Dave Winer believes the end is near for blogging as we know it (or knew it? sorry if I’ve misinterpreted, Dave), and Mark Evans feels there isn’t much original thought out there. These are two people I know, like, and respect, and two people I’m in complete disagreement with. First of all, there’s tons of good, nay, great blogging out there. A small fraction of it makes it to TechMeme. By the way, I’d recommend reading Ed Bott’s thoughts on the blogosphere, which seems to have kicked this whole thread off (good on ya, Ed!).
If I can make the analogy, think of the movie industry. There’s a lot of creative, original movies being made every year. Most of them don’t air at the uberplex, and the typical Blockbuster employee won’t recommend them to you. Sometimes they “bubble up” like Little Miss Sunshine did last year (overrated by the way, but that’s not the point), or Sideways a few years back. But if you read the mainstream reviews and movie sites, you have to deal with the Stiller-Wilson-Vaughn Theory (a modernization of the classic Caine-Hackman Theory).

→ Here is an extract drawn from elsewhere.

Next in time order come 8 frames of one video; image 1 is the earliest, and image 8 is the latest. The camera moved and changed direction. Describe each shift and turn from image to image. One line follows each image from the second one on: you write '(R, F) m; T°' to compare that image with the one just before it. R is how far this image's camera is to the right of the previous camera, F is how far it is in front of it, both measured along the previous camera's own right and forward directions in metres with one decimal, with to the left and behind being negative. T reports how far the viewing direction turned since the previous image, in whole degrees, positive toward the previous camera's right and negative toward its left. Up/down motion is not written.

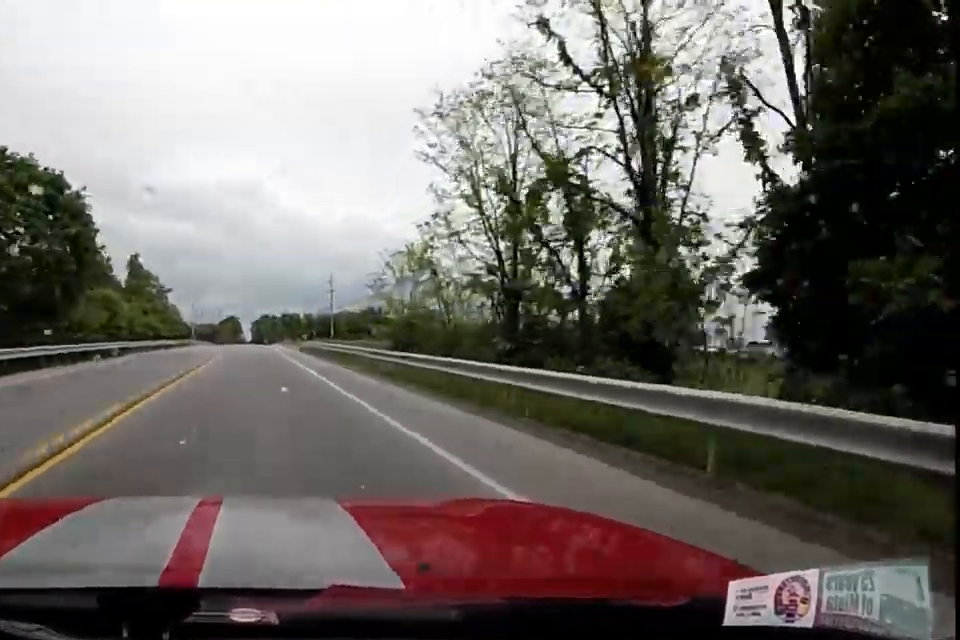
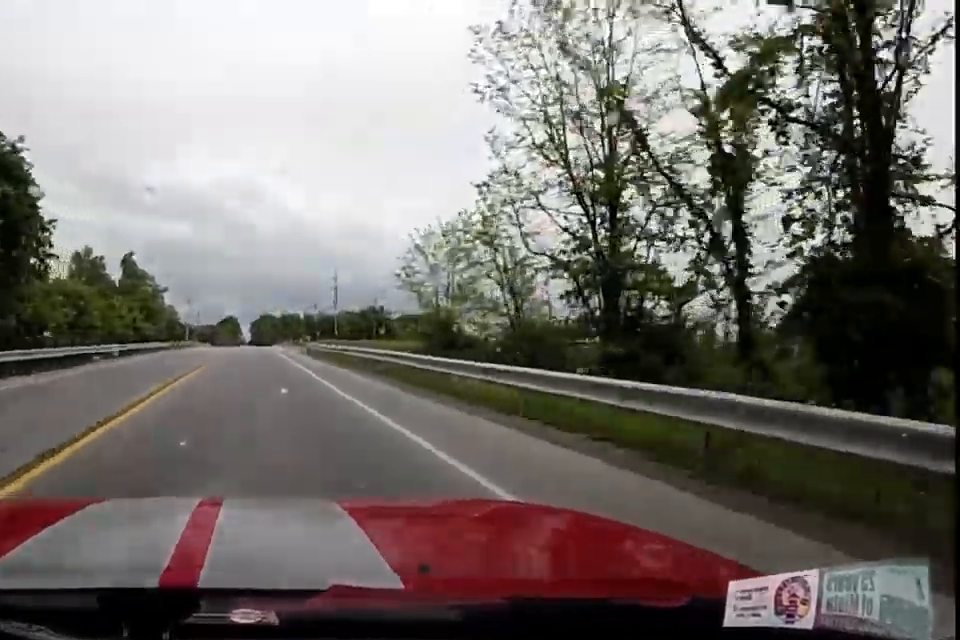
(-0.2, +7.0) m; -1°
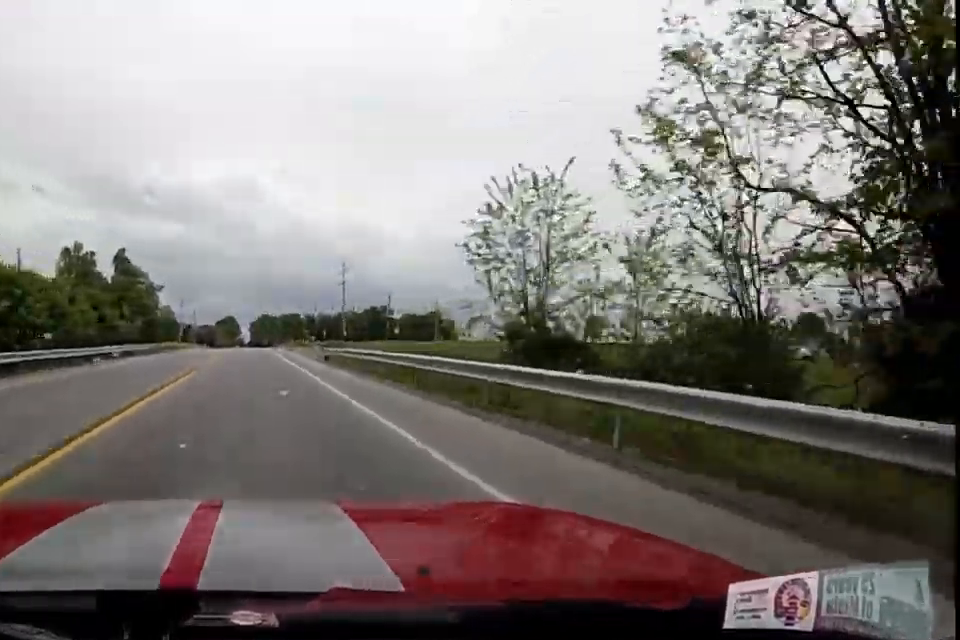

TechMeme tracks “the conversation” and therefore is the worst agent possible for finding distinct, outlying content. This isn’t saying TechMeme is bad, it’s not, it’s very good at what it does. But now we are seeing a certain lament for the so-called 250, who appear to blog about an insular set of topics. Well, let’s face it, a certain percentage of the incentive to blog is ego-driven, and it ranges from individual to individual. The more one wants power or fame, the more one is likely to want to be found on TechMeme. The more one wants to express individual, distinct thought, the less likely TechMeme acts as a motivator. Ask Robin Williams why he did Good Will Hunting, my hunch is it’ll help clarify things.
Several months ago I made the decision to rarely get involved with TechMeme topics (which this post is most clearly defying, ain’t it ironic?). It’s my feeling that there are enough other intelligent people out there getting into those “conversations” but the truth is, I started getting the feeling that they weren’t really conversations, they were more like discordant shouting matches (albeit occasionally polite ones). I feel it’s unlikely that I have many readers (other than my family) who follow my blog but are completely in the dark on these other “popular” topics. But more importantly, I just felt I wasn’t really blogging about things that inspired me as much as others.
I may not be in the 250. I may not have hundreds of thousands of readers subscribing to my feed. I don’t really know anymore, since I turned off all stats anyway. Want to find some different voices? Look for the bloggers who rarely make TechMeme, and subscribe to them, and take the time to read them regularly (here’s four to get you started: Frank Piller, Shawn Morton, Umair Haque, Tom Evslin – no offense to my other friends, I just wanted to pick some that don’t fall into the mainstream as often!) . Unsubscribe from “TechMeme Regulars” since it’s pretty likely you don’t need to read all their posts anyway. In other words, if you really want to find the indie films, you’re going to have to stop renting from Blockbuster.